I currently have a VBA code loop that does this for me (so technically I have a working solution) but I'm hoping that there is an SQL solution that might be faster. I have about 1 million client records. They have a ServiceStartDate and a ServiceEndDate. The ServiceEndDate will be null if the service is still active. What I need is a recordset that contains 1 row for every day since around 1/1/09 when the company started showing the number of accounts active that day by UtilityID. Nice to have would also be the number of accounts added that day and accounts dropped that day. So input would be.
UtilityID, Acct #, ServiceStartDate, ServiceEndDate
1, abc, 1/1/9, 1/5/9
1, aaa, 1/3/9
1, aab, 1/3/9,
output would be
UtilityID, CalendarDate, Active, Added, Dropped
1, 1/1/9, 1,1,0
1, 1/2/9, 1, 0, 0
1, 1/3/9, 3, 2, 0
1, 1/4/9, 3, 0, 0
1, 1/5/9, 2,0, 1
1, 1/6/9, 2, 0, 0
....
So just taking UtilityID 1 for 3 accounts over 6 days, this is what I end up with. Every day, I have a count of the number of active accounts. Added and dropped if you can calculate it at the same time would be good but otherwise, it is pretty easy to calculate by summing the recordset by start and end dates so I can add that later. It is counting by day that is the problem.

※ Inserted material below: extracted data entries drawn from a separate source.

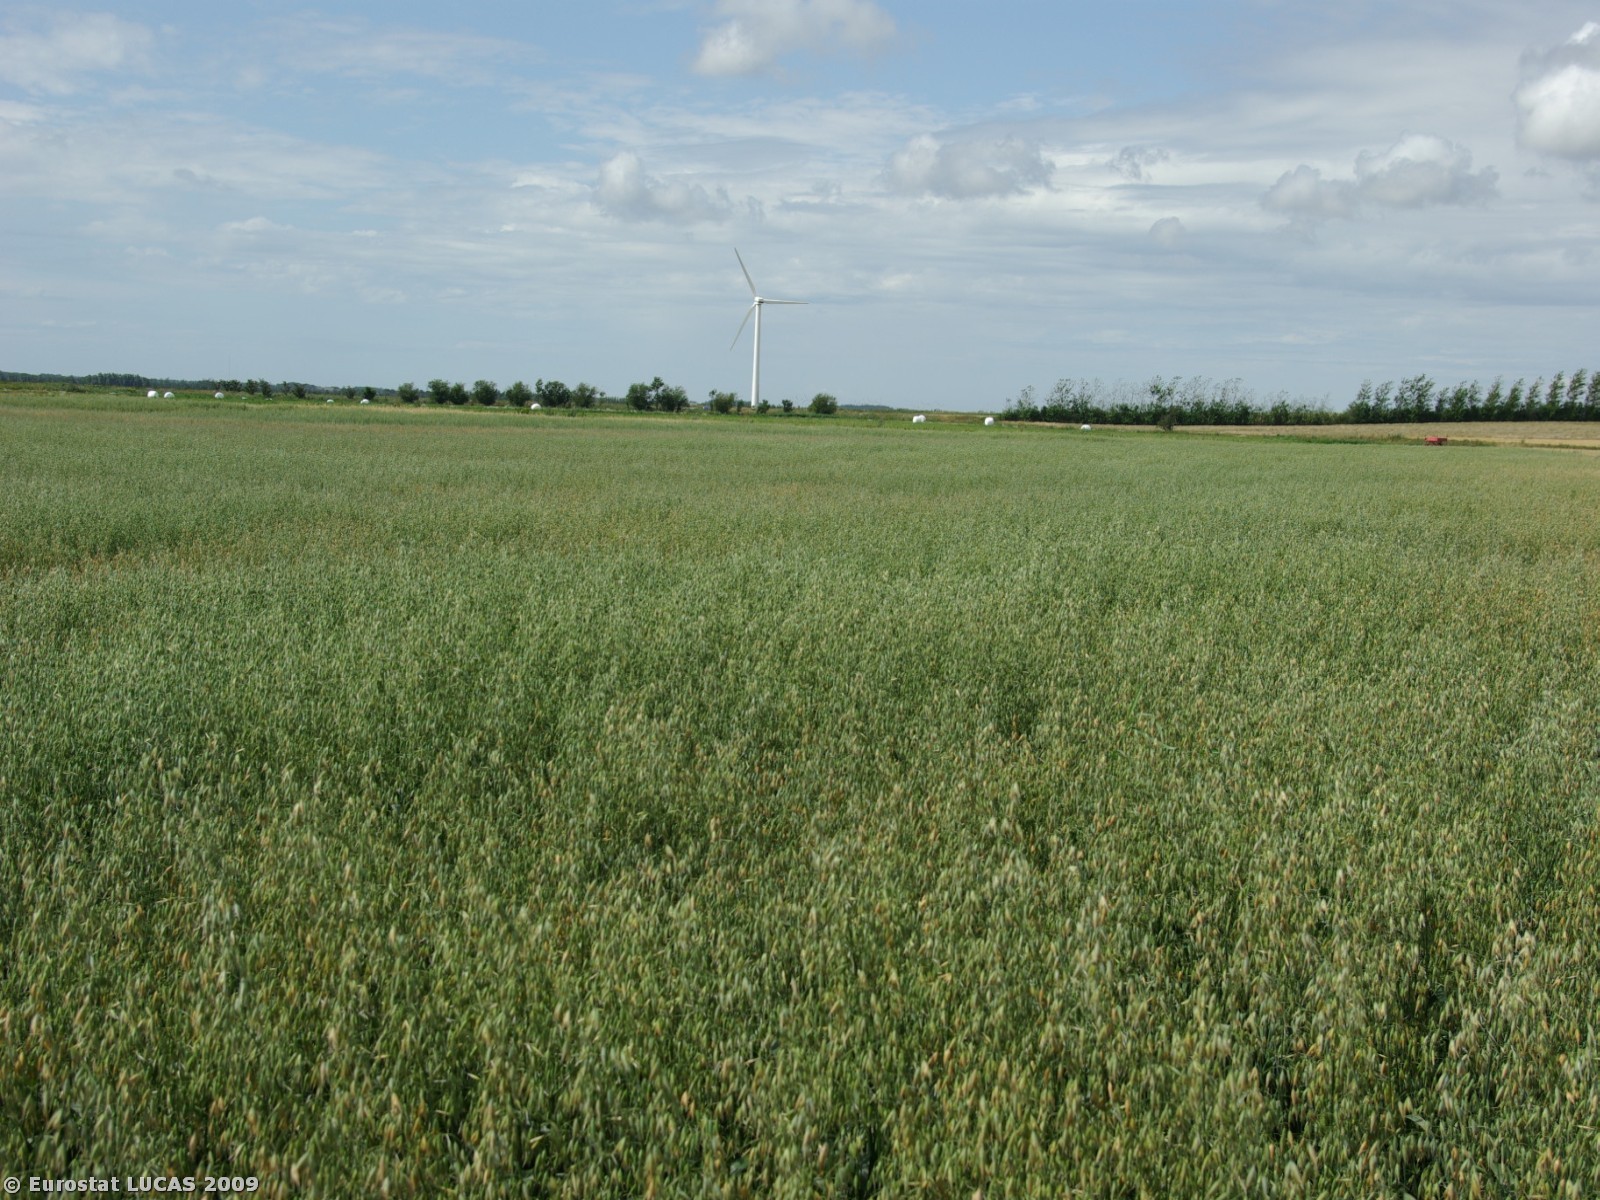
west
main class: Cropland
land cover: Oats
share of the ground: > 75 %
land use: Agriculture (excluding fallow land and kitchen gardens)
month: July
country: DK
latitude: 55.0316
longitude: 8.7962

I have tried this by joining to a table of days. There are about 3500 days in this time frame but a Cartesian Product of 1,000,000 x 3500 is huge and way too slow. I am hoping there is some slick T-SQL syntax that can generate these intermediate records. The Cartesian Product method works fine for smaller recordsets but fails for one of this size. The current code loop does the process one day at a time.